The problem:
With the images removed, repeat the data below exactly.

Recorded information:
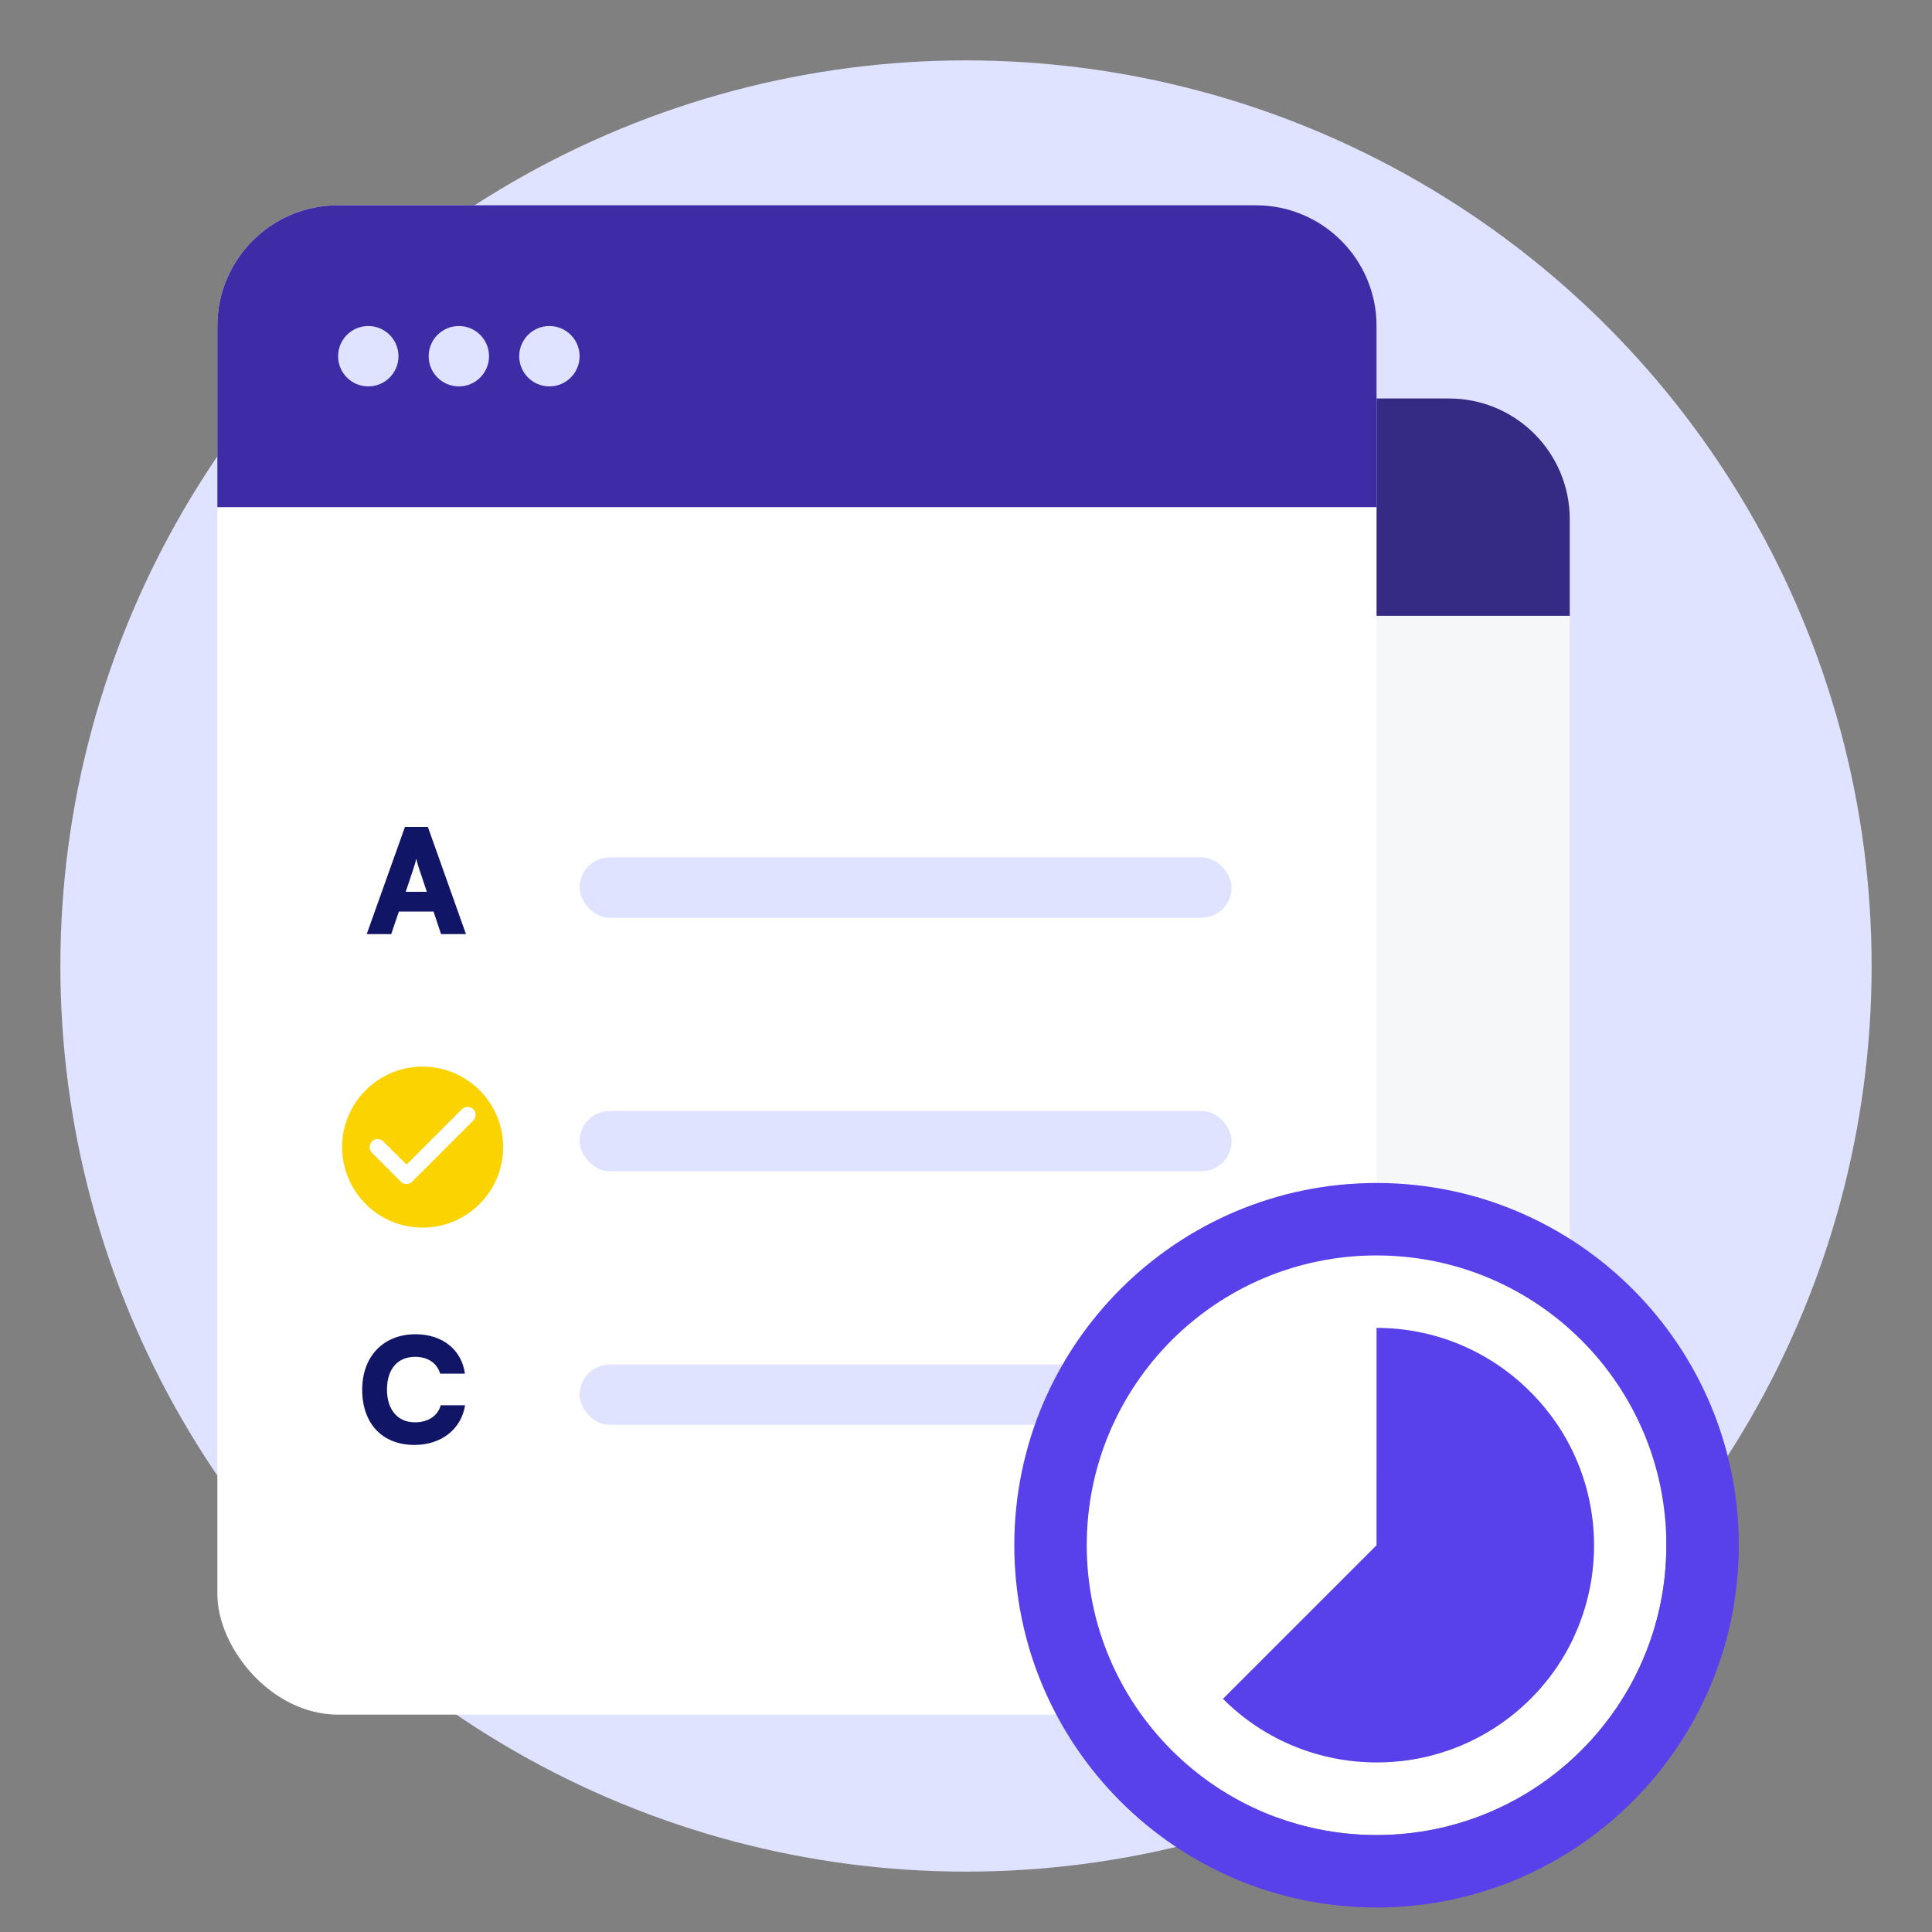 <svg width="160" height="160" viewBox="0 0 160 160" fill="none" xmlns="http://www.w3.org/2000/svg">
<rect x="0" y="0" width="160" height="160" fill="#808080" stroke="none"/>
<g clip-path="url(#clip0_156_1427)">
<circle cx="80" cy="80" r="75" fill="#DFE3FF"/>
<rect x="62" y="33" width="68" height="89" rx="10" fill="#F6F7F9"/>
<path d="M62 43C62 37.477 66.477 33 72 33H120C125.523 33 130 37.477 130 43V51H62V43Z" fill="#362B84"/>
<circle cx="30" cy="30" r="2.5" fill="#C5CCFF"/>
<circle cx="37.5" cy="30" r="2.5" fill="#C5CCFF"/>
<circle cx="45" cy="30" r="2.5" fill="#C5CCFF"/>
<rect x="18" y="17" width="96" height="125" rx="10" fill="white"/>
<path d="M18 27C18 21.477 22.477 17 28 17H104C109.523 17 114 21.477 114 27V42H18V27Z" fill="#3E2CA7"/>
<circle cx="30.5" cy="29.5" r="2.5" fill="#DFE3FF"/>
<circle cx="38" cy="29.5" r="2.5" fill="#DFE3FF"/>
<circle cx="45.5" cy="29.5" r="2.5" fill="#DFE3FF"/>
<rect x="48" y="71" width="54" height="5" rx="2.5" fill="#DFE3FF"/>
<rect x="48" y="92" width="54" height="5" rx="2.5" fill="#DFE3FF"/>
<rect x="48" y="113" width="54" height="5" rx="2.5" fill="#DFE3FF"/>
<path d="M32.398 77.36H30.37L33.538 68.48H35.434L38.59 77.36H36.526L35.902 75.488H33.034L32.398 77.36ZM34.234 71.96L33.598 73.856H35.35L34.714 71.96C34.618 71.66 34.51 71.312 34.474 71.096C34.438 71.3 34.342 71.636 34.234 71.96Z" fill="#101566"/>
<path d="M34.328 119.664C31.664 119.664 29.996 117.9 29.996 115.092C29.996 112.32 31.76 110.496 34.412 110.496C36.632 110.496 38.228 111.768 38.504 113.76H36.452C36.188 112.872 35.432 112.368 34.364 112.368C32.924 112.368 32.048 113.388 32.048 115.08C32.048 116.748 32.936 117.792 34.364 117.792C35.456 117.792 36.26 117.252 36.5 116.376H38.516C38.204 118.356 36.548 119.664 34.328 119.664Z" fill="#101566"/>
<path d="M114 103.97C100.74 103.97 90 114.71 90 127.97C90 141.23 100.74 151.97 114 151.97C127.26 151.97 138 141.23 138 127.97C138 114.71 127.26 103.97 114 103.97ZM126.75 140.69C119.7 147.71 108.3 147.71 101.28 140.69L114 127.97V109.97C118.62 109.97 123.21 111.74 126.72 115.25C133.77 122.27 133.77 133.67 126.75 140.69Z" fill="white"/>
<path d="M126.72 115.25C123.21 111.74 118.62 109.97 114 109.97V127.97L101.28 140.69C108.3 147.71 119.7 147.71 126.75 140.69C133.77 133.67 133.77 122.27 126.72 115.25ZM114 97.97C97.44 97.97 84 111.41 84 127.97C84 144.53 97.44 157.97 114 157.97C130.56 157.97 144 144.53 144 127.97C144 111.41 130.56 97.97 114 97.97ZM114 151.97C100.74 151.97 90 141.23 90 127.97C90 114.71 100.74 103.97 114 103.97C127.26 103.97 138 114.71 138 127.97C138 141.23 127.26 151.97 114 151.97Z" fill="#5841EA"/>
<path d="M35 88.333C31.32 88.333 28.333 91.32 28.333 95C28.333 98.68 31.32 101.667 35 101.667C38.68 101.667 41.667 98.68 41.667 95C41.667 91.32 38.68 88.333 35 88.333ZM33.193 97.86L30.8 95.467C30.54 95.207 30.54 94.787 30.8 94.527C31.06 94.267 31.48 94.267 31.74 94.527L33.667 96.447L38.253 91.86C38.513 91.6 38.933 91.6 39.193 91.86C39.453 92.12 39.453 92.54 39.193 92.8L34.133 97.86C33.88 98.12 33.453 98.12 33.193 97.86Z" fill="#FBD300"/>
</g>
<defs>
<clipPath id="clip0_156_1427">
<rect width="160" height="160" fill="white"/>
</clipPath>
</defs>
</svg>

Answer:
 <svg width="160" height="160" viewBox="0 0 160 160" fill="none" xmlns="http://www.w3.org/2000/svg">
<rect x="0" y="0" width="160" height="160" fill="#808080" stroke="none"/>
<g clip-path="url(#clip0_156_1427)">
<circle cx="80" cy="80" r="75" fill="#DFE3FF"/>
<rect x="62" y="33" width="68" height="89" rx="10" fill="#F6F7F9"/>
<path d="M62 43C62 37.477 66.477 33 72 33H120C125.523 33 130 37.477 130 43V51H62V43Z" fill="#362B84"/>
<circle cx="30" cy="30" r="2.5" fill="#C5CCFF"/>
<circle cx="37.5" cy="30" r="2.5" fill="#C5CCFF"/>
<circle cx="45" cy="30" r="2.5" fill="#C5CCFF"/>
<rect x="18" y="17" width="96" height="125" rx="10" fill="white"/>
<path d="M18 27C18 21.477 22.477 17 28 17H104C109.523 17 114 21.477 114 27V42H18V27Z" fill="#3E2CA7"/>
<circle cx="30.5" cy="29.5" r="2.5" fill="#DFE3FF"/>
<circle cx="38" cy="29.5" r="2.5" fill="#DFE3FF"/>
<circle cx="45.5" cy="29.5" r="2.5" fill="#DFE3FF"/>
<rect x="48" y="71" width="54" height="5" rx="2.5" fill="#DFE3FF"/>
<rect x="48" y="92" width="54" height="5" rx="2.5" fill="#DFE3FF"/>
<rect x="48" y="113" width="54" height="5" rx="2.5" fill="#DFE3FF"/>
<path d="M32.398 77.36H30.37L33.538 68.48H35.434L38.59 77.36H36.526L35.902 75.488H33.034L32.398 77.36ZM34.234 71.96L33.598 73.856H35.35L34.714 71.96C34.618 71.66 34.51 71.312 34.474 71.096C34.438 71.3 34.342 71.636 34.234 71.96Z" fill="#101566"/>
<path d="M34.328 119.664C31.664 119.664 29.996 117.9 29.996 115.092C29.996 112.32 31.76 110.496 34.412 110.496C36.632 110.496 38.228 111.768 38.504 113.76H36.452C36.188 112.872 35.432 112.368 34.364 112.368C32.924 112.368 32.048 113.388 32.048 115.08C32.048 116.748 32.936 117.792 34.364 117.792C35.456 117.792 36.26 117.252 36.5 116.376H38.516C38.204 118.356 36.548 119.664 34.328 119.664Z" fill="#101566"/>
<path d="M114 103.97C100.74 103.97 90 114.71 90 127.97C90 141.23 100.74 151.97 114 151.97C127.26 151.97 138 141.23 138 127.97C138 114.71 127.26 103.97 114 103.97ZM126.75 140.69C119.7 147.71 108.3 147.71 101.28 140.69L114 127.97V109.97C118.62 109.97 123.21 111.74 126.72 115.25C133.77 122.27 133.77 133.67 126.75 140.69Z" fill="white"/>
<path d="M126.72 115.25C123.21 111.74 118.62 109.97 114 109.97V127.97L101.28 140.69C108.3 147.71 119.7 147.71 126.75 140.69C133.77 133.67 133.77 122.27 126.72 115.25ZM114 97.97C97.44 97.97 84 111.41 84 127.97C84 144.53 97.44 157.97 114 157.97C130.56 157.97 144 144.53 144 127.97C144 111.41 130.56 97.97 114 97.97ZM114 151.97C100.74 151.97 90 141.23 90 127.97C90 114.71 100.74 103.97 114 103.97C127.26 103.97 138 114.71 138 127.97C138 141.23 127.26 151.97 114 151.97Z" fill="#5841EA"/>
<path d="M35 88.333C31.32 88.333 28.333 91.32 28.333 95C28.333 98.68 31.32 101.667 35 101.667C38.68 101.667 41.667 98.68 41.667 95C41.667 91.32 38.68 88.333 35 88.333ZM33.193 97.86L30.8 95.467C30.54 95.207 30.54 94.787 30.8 94.527C31.06 94.267 31.48 94.267 31.74 94.527L33.667 96.447L38.253 91.86C38.513 91.6 38.933 91.6 39.193 91.86C39.453 92.12 39.453 92.54 39.193 92.8L34.133 97.86C33.88 98.12 33.453 98.12 33.193 97.86Z" fill="#FBD300"/>
</g>
<defs>
<clipPath id="clip0_156_1427">
<rect width="160" height="160" fill="white"/>
</clipPath>
</defs>
</svg>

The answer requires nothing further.